Como era previsível o referendo do príncipe Alberto II, o ex-banqueiro Cacciola resolveu reclamar, na condição de cidadão europeu, para a Corte de Direitos Humanos da União Européia, sediada em Estrasburgo. Ele alega, com principal tese, que os presídios brasileiros estão abarrotados e nas mãos do crime organizado. Assim, qualquer cidadão europeu, uma vez extraditado, correria o risco de morrer ou de ter as integridades, física e moral, afetadas.

Com efeito. A tese, condições desumanas e risco, sensibiliza e o governo brasileiro deveria se mobilizar para contestar e assegurar garantias ao extraditando.

Se bobear, vai o governo brasileiro, com relação a Cacciola, morrer na praia. A decisão da Corte de Estrasbugo é vinculante aos 27 países que integram a União Européia, como o Principado de Mônaco. SEGUNDA PARTE: eu não disse.

Quando Salvatore Cacciola foi preso no Principado de Mônaco e teve as suas férias de final de verão (15 de setembro de 2007) interrompidas, dei uma entrevista para o jornal O Globo.

À época eu tinha um convite para ser um dos palestrantes do seleto encontro, que se repetia há três anos, sobre lavagem de dinheiro e reciclagem de capitais sujos.

No Principado, havia uma preocupação, -- por pressões internacionais em face do terrorismo e do arcotráfico---, de mudança de imagem.

Monte Carlos, além da célebre corrida de Fórmula 1, era conhecido internacionalmente como balneário-lavanderia. Isso pelos cassinos e as facilidades legislativas, tudo isso a transformar o Principado num atraente paraíso fiscal.

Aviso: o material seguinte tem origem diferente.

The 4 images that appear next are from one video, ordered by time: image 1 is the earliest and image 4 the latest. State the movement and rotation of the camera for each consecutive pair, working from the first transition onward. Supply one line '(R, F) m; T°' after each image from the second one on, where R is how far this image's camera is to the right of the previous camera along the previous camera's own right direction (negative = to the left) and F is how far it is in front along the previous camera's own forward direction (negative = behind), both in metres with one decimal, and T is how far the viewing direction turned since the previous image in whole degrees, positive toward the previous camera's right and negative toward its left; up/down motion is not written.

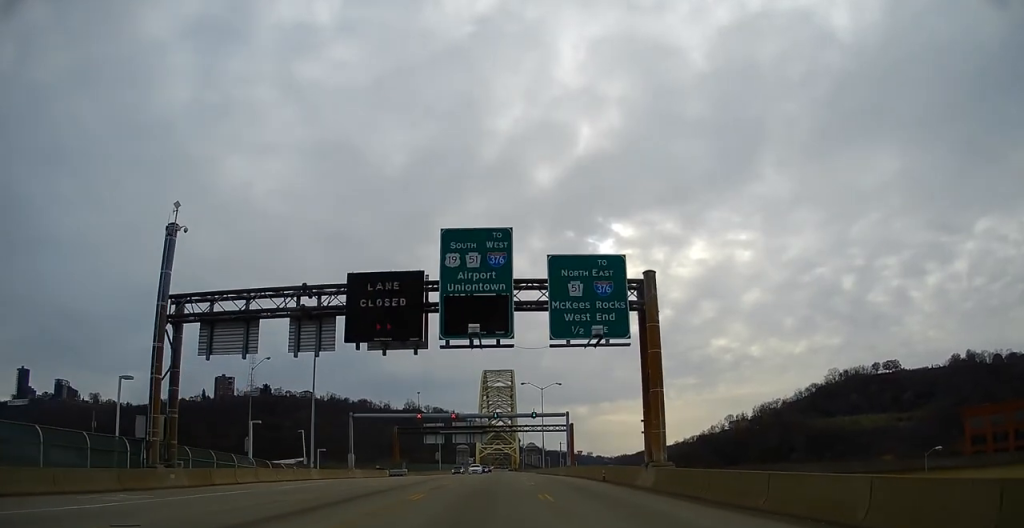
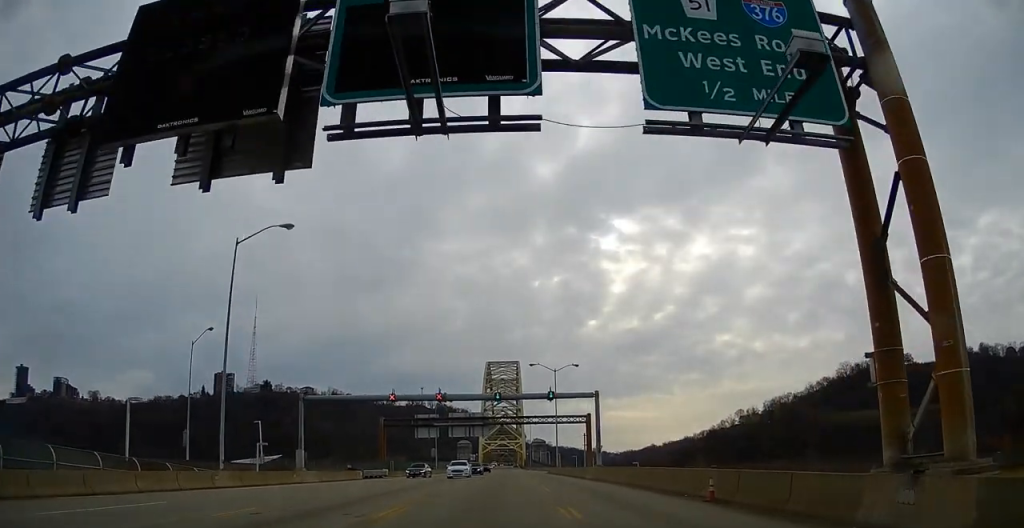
(+0.2, +17.7) m; +1°
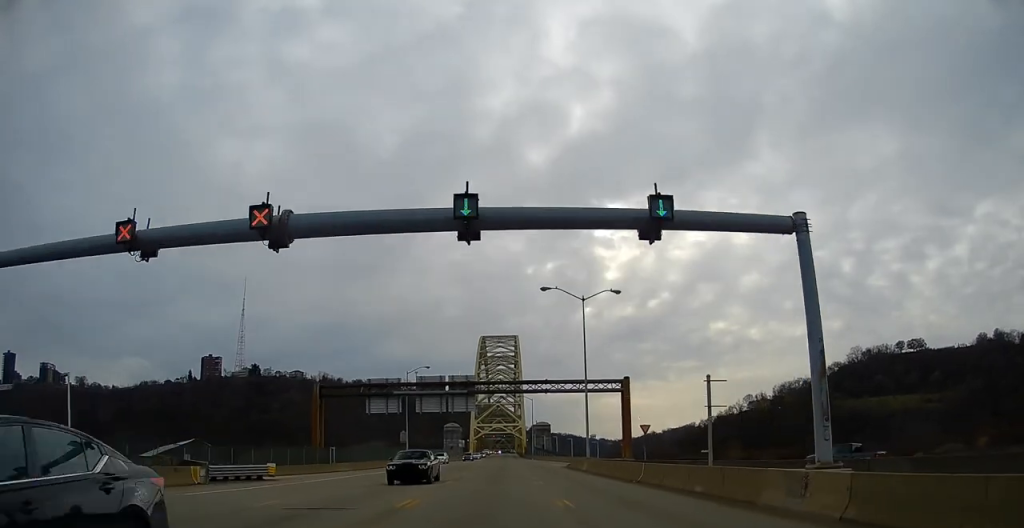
(-0.7, +33.1) m; -1°
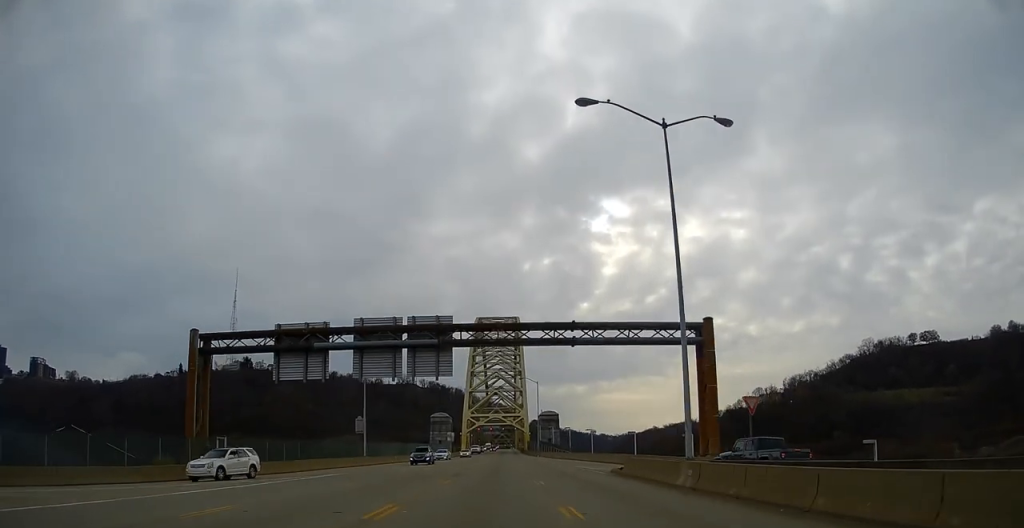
(+0.2, +27.0) m; -1°
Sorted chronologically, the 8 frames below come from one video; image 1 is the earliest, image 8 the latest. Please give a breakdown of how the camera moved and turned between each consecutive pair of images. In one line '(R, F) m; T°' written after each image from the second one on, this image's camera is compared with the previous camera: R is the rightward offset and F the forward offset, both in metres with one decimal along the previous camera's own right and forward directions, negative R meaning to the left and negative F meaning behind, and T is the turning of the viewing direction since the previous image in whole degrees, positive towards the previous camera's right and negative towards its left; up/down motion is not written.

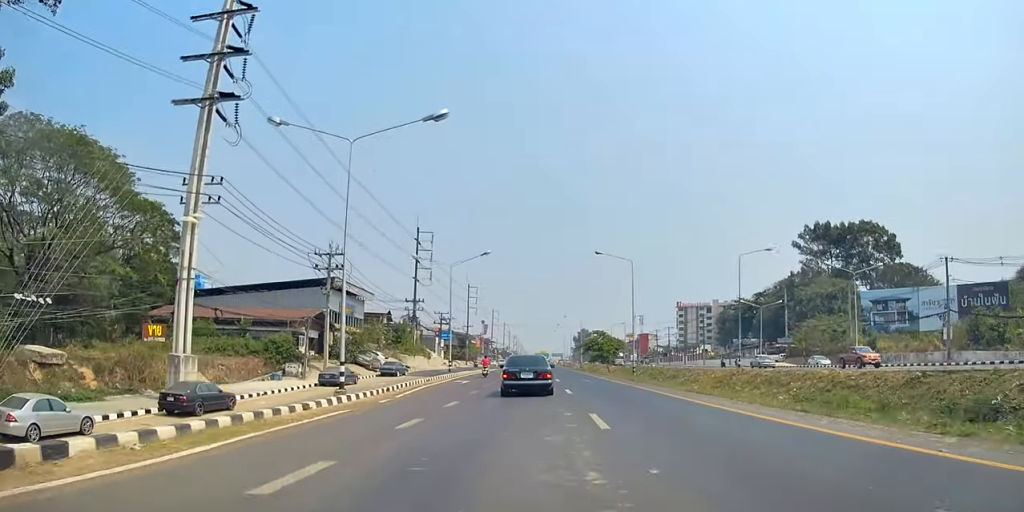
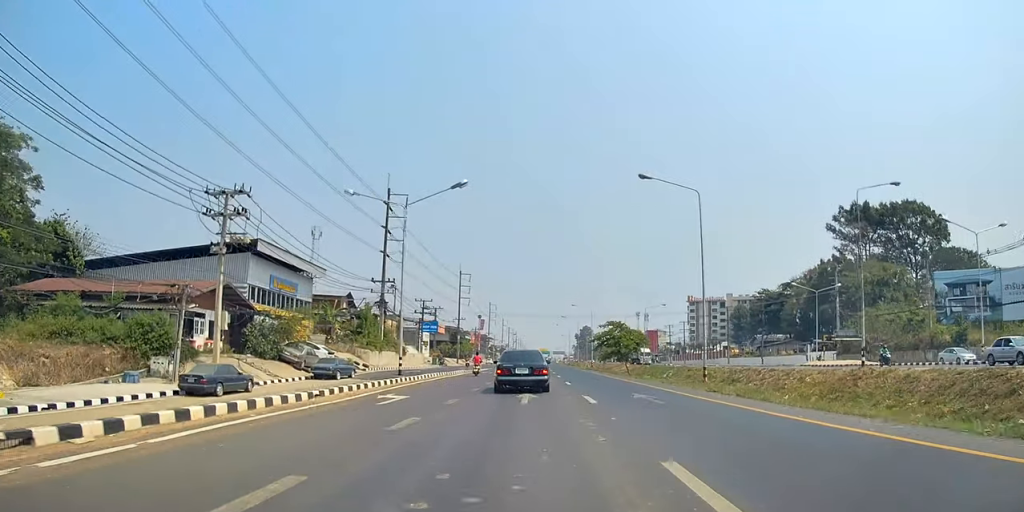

Na entrevista ao jornal O Globo frisei que seria fundamental, se o Brasil efetivamente quisesse a extradição, a ida rápida do ministro da Justiça ao Principado de Mônaco.

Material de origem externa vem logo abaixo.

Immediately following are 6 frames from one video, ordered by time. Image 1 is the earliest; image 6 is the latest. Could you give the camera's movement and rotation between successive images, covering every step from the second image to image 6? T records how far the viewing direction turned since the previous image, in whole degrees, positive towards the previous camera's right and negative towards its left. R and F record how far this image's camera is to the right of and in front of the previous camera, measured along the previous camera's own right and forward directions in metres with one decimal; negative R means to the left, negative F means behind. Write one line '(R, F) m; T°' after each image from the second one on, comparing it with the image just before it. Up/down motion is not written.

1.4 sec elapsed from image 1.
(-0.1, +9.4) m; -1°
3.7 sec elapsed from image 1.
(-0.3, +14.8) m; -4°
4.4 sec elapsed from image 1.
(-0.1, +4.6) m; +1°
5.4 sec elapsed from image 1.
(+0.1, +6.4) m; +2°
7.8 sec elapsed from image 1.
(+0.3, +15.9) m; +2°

No boletim Justiça e Cidadania da CBN, --que é um bate-papo de terças e quintas com o nosso brilhante Mílton Ferretti Jung Júnior (em férias na Toscana de vinhos que, certamente, abasteciam a adega do castelo onde residia o Cacciola e que fica próximo a Roma) , voltei à carga. Ou seja, o ministro da Justiça deveria arrumar as malas, os documentos traduzidos e autênticos, e partir para mostrar o interesse do governo brasileiro.

O ministro leu o artigo e o secretário nacional de Justiça, às 3 horas da manhã (no Brasil, 23 horas), me deu um susto involuntário. Esquecido do fuso horário, ele me acordou e eu tomei um susto porque pensei nos meus filhos que estavam no Brasil.

Em síntese, o secretário nacional de Justiça disse que o ministro tinha lido o artigo e iria para Mônaco imediatamente. Pediu algumas informações e, por último, pergunto que hora era em Roma. Desculpou-se, quando soube.

Vários desinformados sobre as mudanças que ocorriam em Mônaco partiram para gozações, tipo “turismo do ministro”. E agora, que a extradição foi concedida pela Justiça e referendada pelo príncipe Alberto II ? ? ?

PANO RÁPIDO.
Como já frisado, o Brasil, agora, deverá ficar mais atento do que nunca. O Cacciola bateu às portas da Corte de Direitos Humanos da União Européia.

A Corte de Estrasburgo poderá mudar o quadro, até agora desfavorável a Cacciola.

Portanto, o Brasil, pelo ministério da Justiça deveria providenciar, na Corte de Estrasburgo, contestação à reclamação de Cacciola.

Pelo que se sabe, Cacciola investe em duas teses. Na principal, acima mencionada. fala de superlotação carcerária e presídios dominados pelo crime organizado, situações que colocariam em risco a sua integridade. Integridade de um cidadão da comunidade européia, pois Cacciola é italiano.

A segunda tese, é a violação ao direito de ampla defesa. Nessa, a Corte tem jurisprudência de que, quem foge de um país onde vigora em plenitude o Estado de Direito, assume as conseqüências da contumácia. No caso, Caciolla tem advogado constituído e o código de processo penal brasileiro e a Constituição da República oferecem ampla defesa. Aliás, o processo fica suspenso quando não se consegue citar o réu-acusado, mas este não é o caso de Cacciola: foi citado e solto.

Uma vez extraditado, espera-se que se torne colaborador de Justiça e, pelas delações, obtenha legais vantagens. O Brasil adotou o direito-premial aos delatores.

Por outro lado, tardam as tentativas, por parte do Brasil, de recuperar os ativos de Cacciola, com base no tratado de cooperação entre Brasil e Itália.